* [PROBLEM DETAILS]:
The full set of entries is to be printed exactly, with pictures excluded.

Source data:
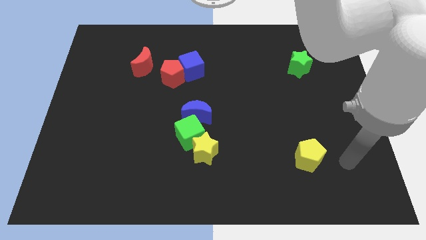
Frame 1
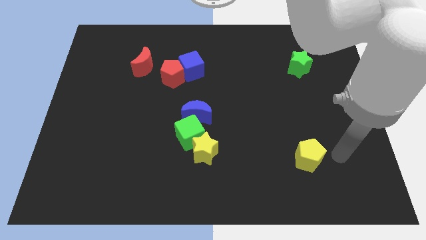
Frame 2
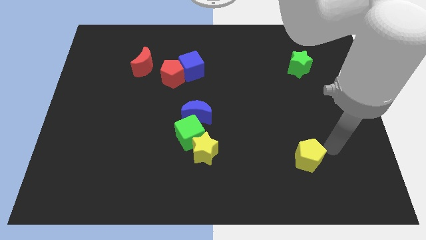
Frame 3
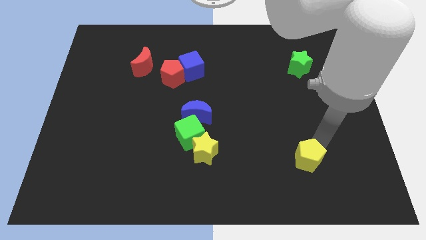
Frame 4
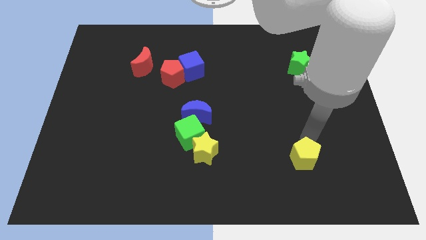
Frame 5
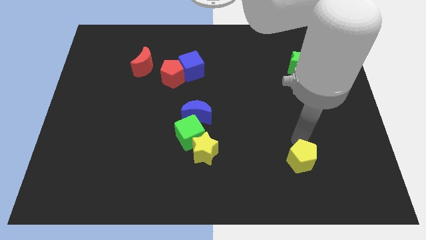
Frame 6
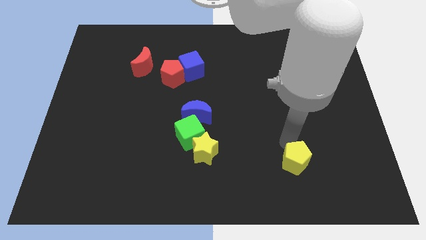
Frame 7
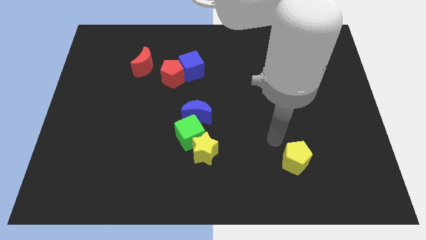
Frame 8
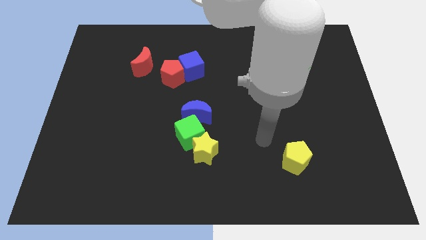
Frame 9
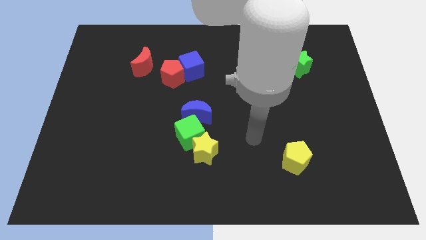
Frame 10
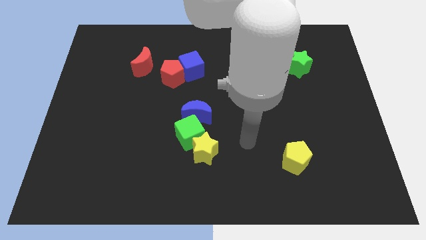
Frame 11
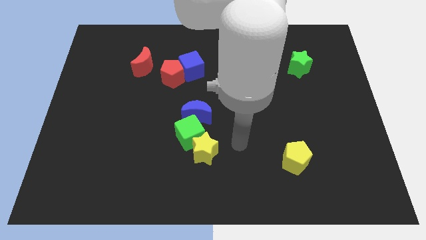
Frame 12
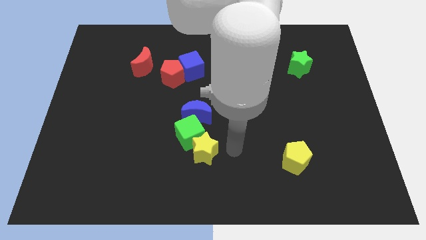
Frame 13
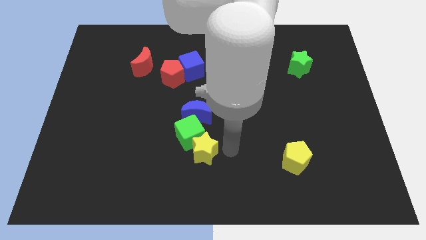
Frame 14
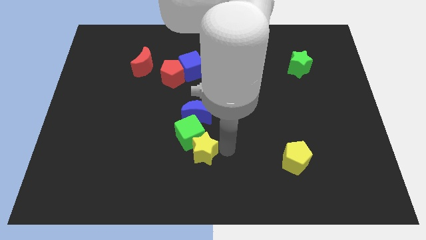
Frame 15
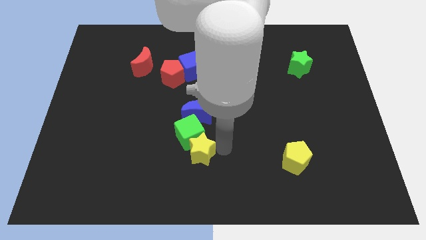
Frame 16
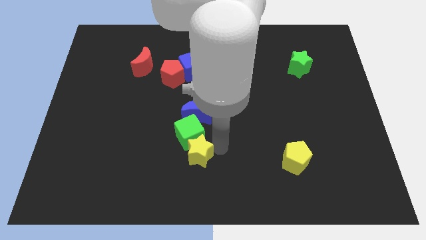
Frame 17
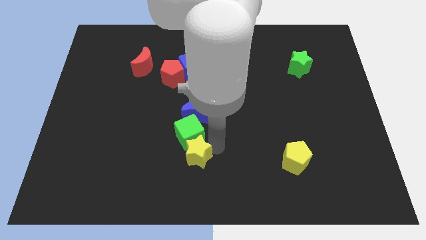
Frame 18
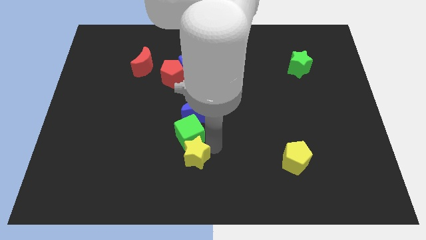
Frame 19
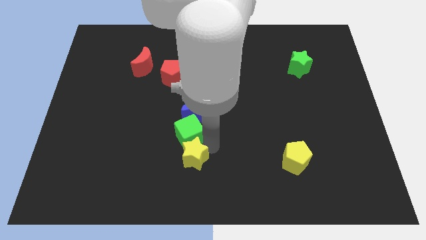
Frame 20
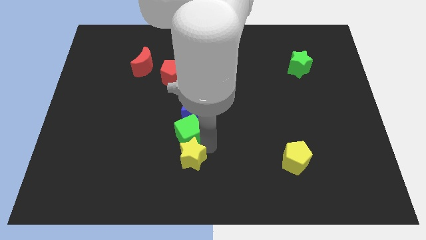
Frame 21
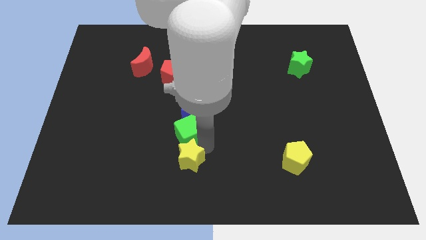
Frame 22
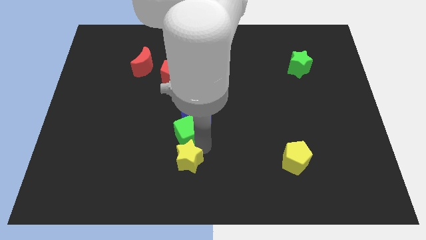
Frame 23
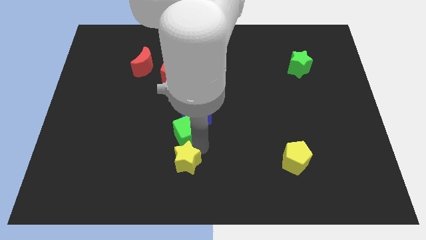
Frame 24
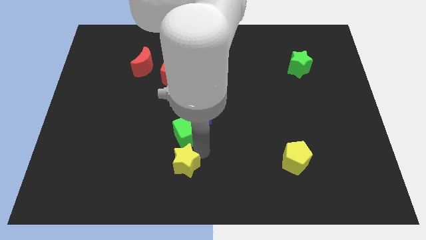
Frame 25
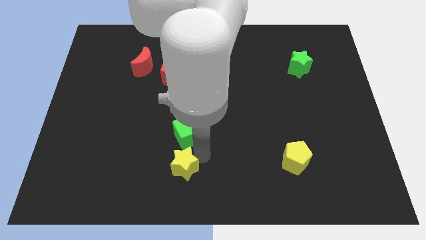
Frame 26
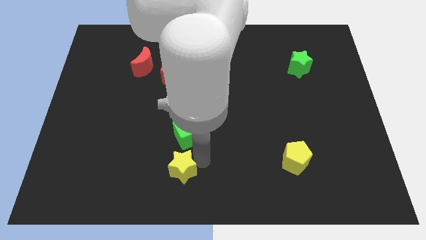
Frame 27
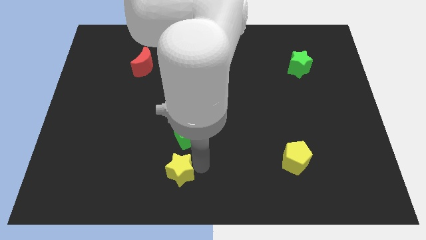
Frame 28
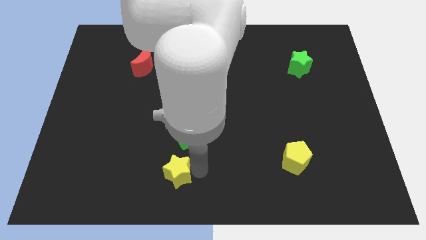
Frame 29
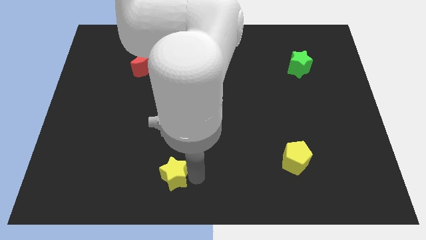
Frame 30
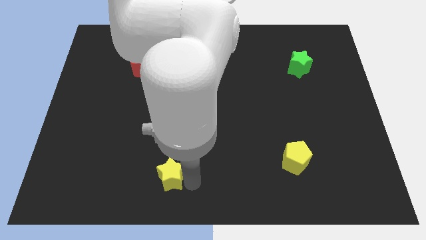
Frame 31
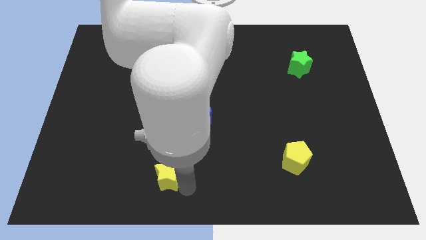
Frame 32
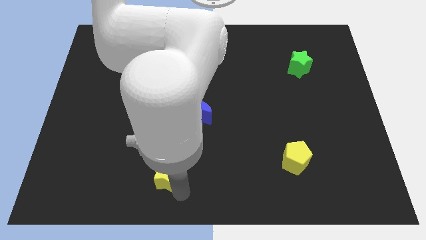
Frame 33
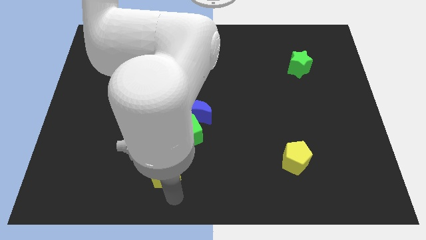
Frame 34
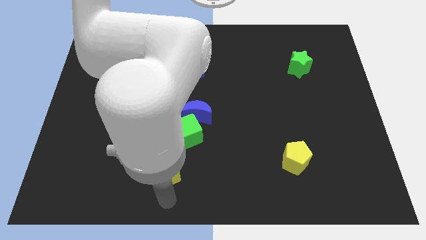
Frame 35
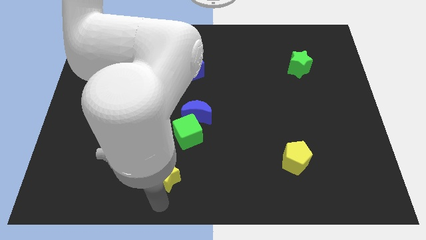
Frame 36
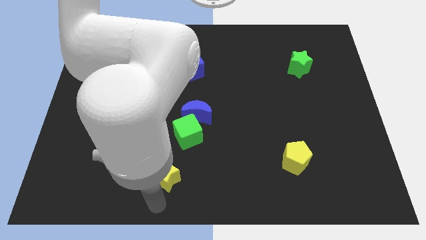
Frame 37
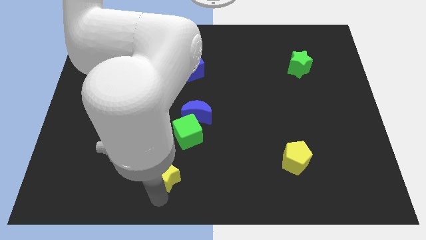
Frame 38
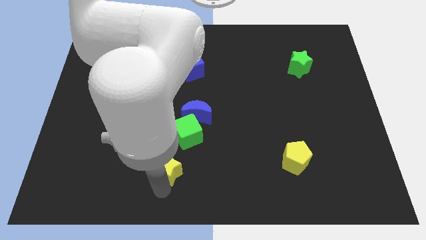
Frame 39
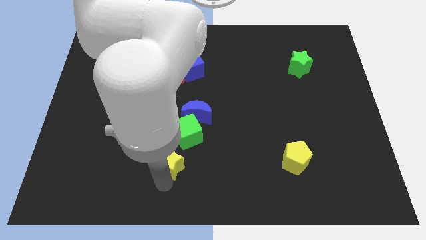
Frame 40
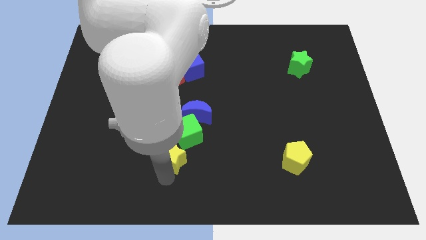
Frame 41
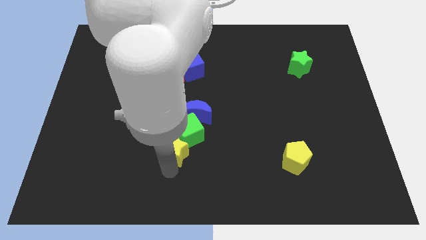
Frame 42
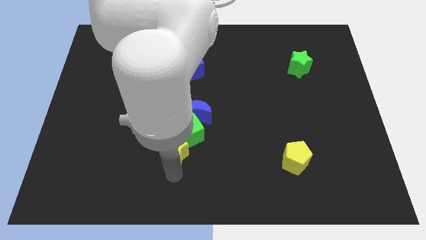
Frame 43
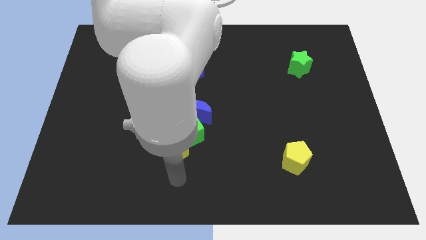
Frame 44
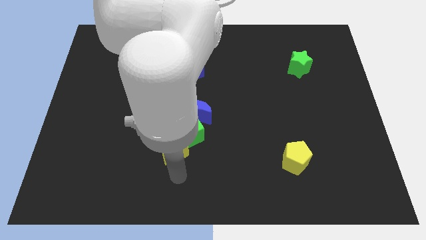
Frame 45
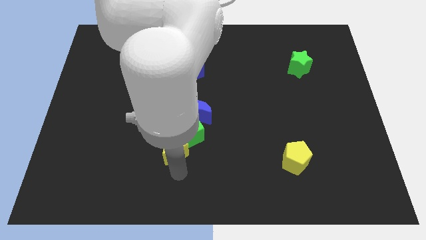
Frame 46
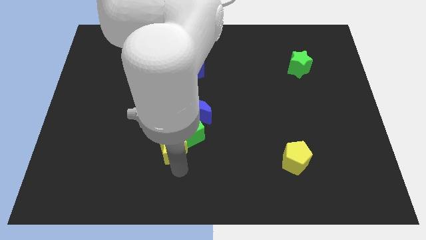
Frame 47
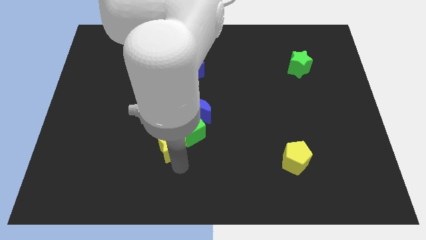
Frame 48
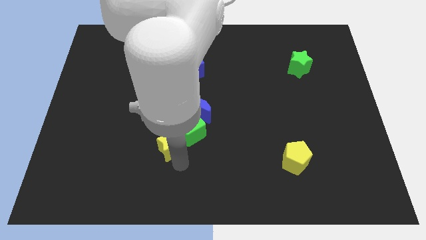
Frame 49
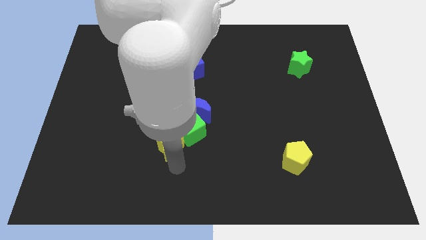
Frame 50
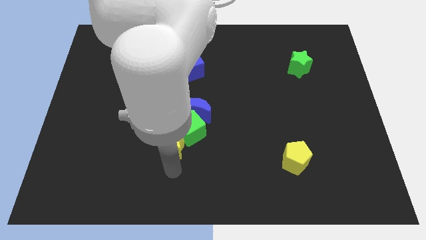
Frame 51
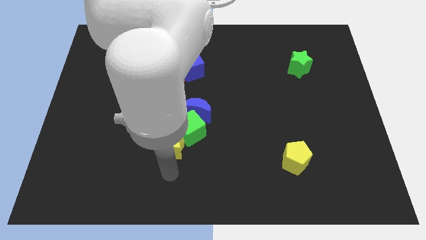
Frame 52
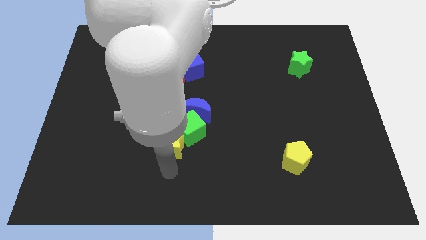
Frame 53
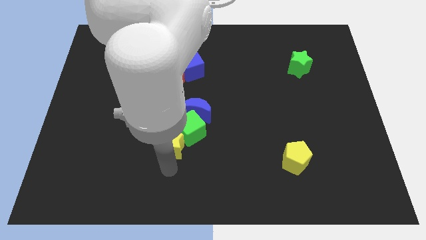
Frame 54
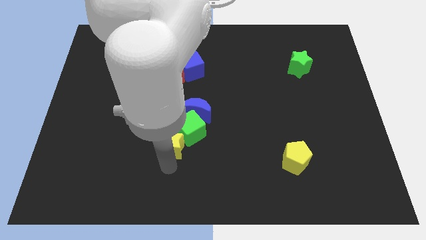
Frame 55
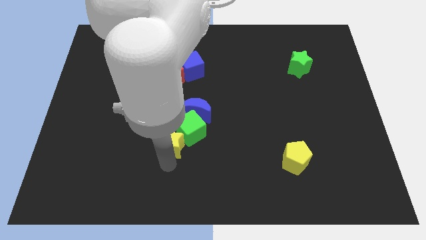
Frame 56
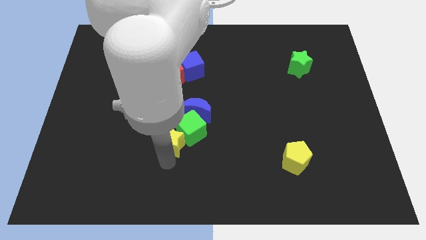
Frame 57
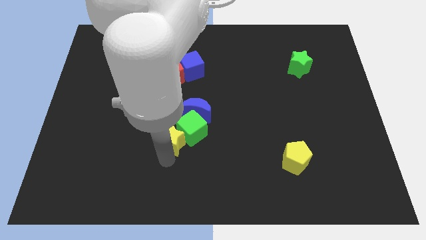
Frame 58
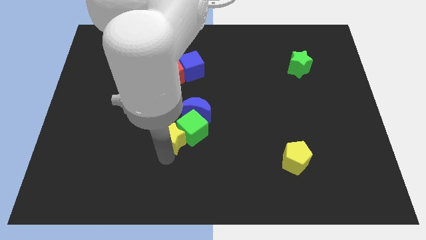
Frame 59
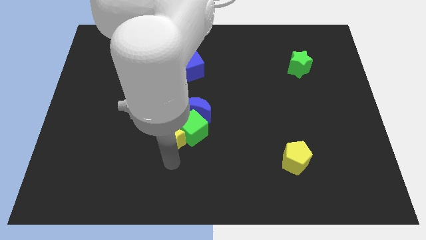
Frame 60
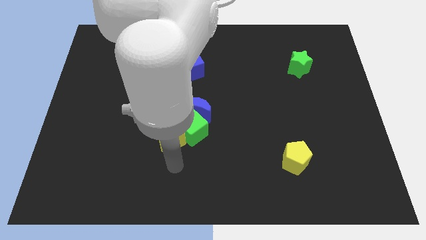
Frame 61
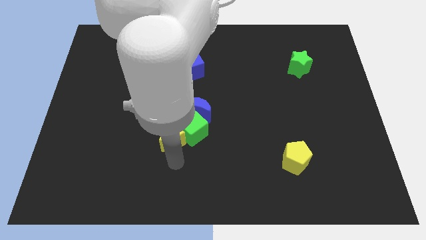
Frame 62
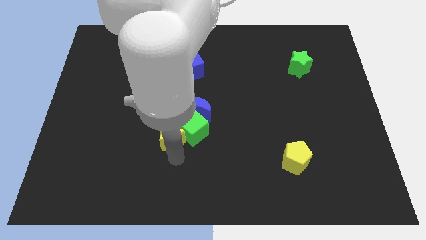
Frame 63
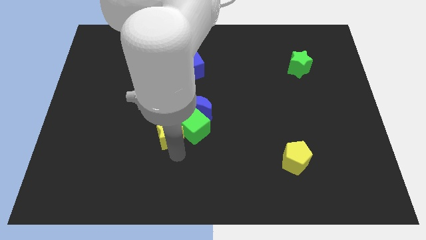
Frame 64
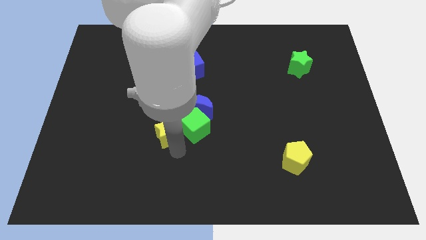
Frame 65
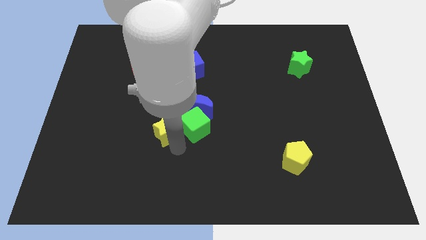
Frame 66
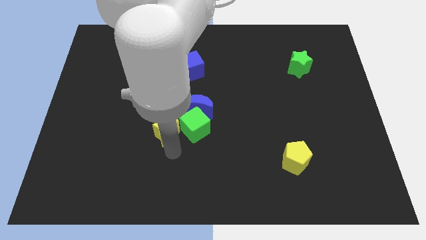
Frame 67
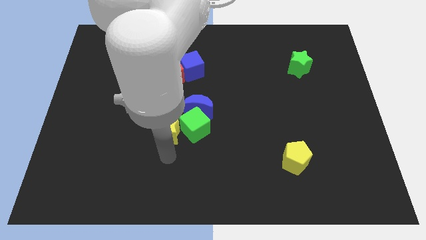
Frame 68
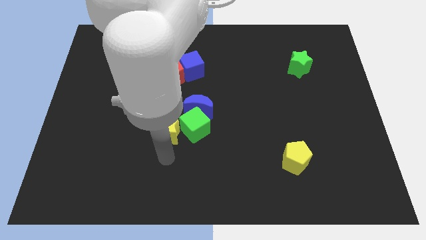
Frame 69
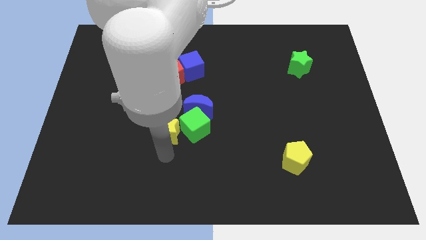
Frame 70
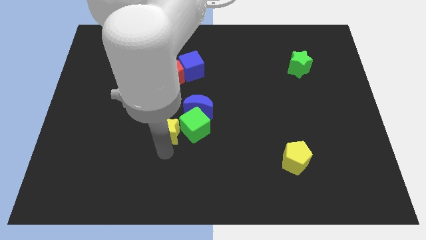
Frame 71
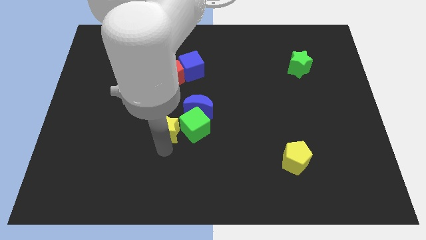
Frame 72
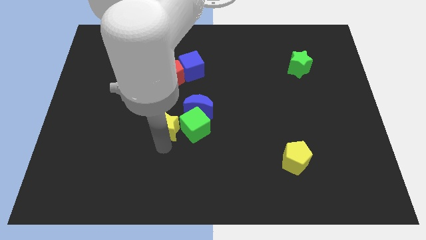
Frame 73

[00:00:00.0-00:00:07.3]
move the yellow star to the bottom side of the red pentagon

* [RESULT OF THIS TASK]:
Frame 1
Frame 2
Frame 3
Frame 4
Frame 5
Frame 6
Frame 7
Frame 8
Frame 9
Frame 10
Frame 11
Frame 12
Frame 13
Frame 14
Frame 15
Frame 16
Frame 17
Frame 18
Frame 19
Frame 20
Frame 21
Frame 22
Frame 23
Frame 24
Frame 25
Frame 26
Frame 27
Frame 28
Frame 29
Frame 30
Frame 31
Frame 32
Frame 33
Frame 34
Frame 35
Frame 36
Frame 37
Frame 38
Frame 39
Frame 40
Frame 41
Frame 42
Frame 43
Frame 44
Frame 45
Frame 46
Frame 47
Frame 48
Frame 49
Frame 50
Frame 51
Frame 52
Frame 53
Frame 54
Frame 55
Frame 56
Frame 57
Frame 58
Frame 59
Frame 60
Frame 61
Frame 62
Frame 63
Frame 64
Frame 65
Frame 66
Frame 67
Frame 68
Frame 69
Frame 70
Frame 71
Frame 72
Frame 73

[00:00:00.0-00:00:07.3]
move the yellow star to the bottom side of the red pentagon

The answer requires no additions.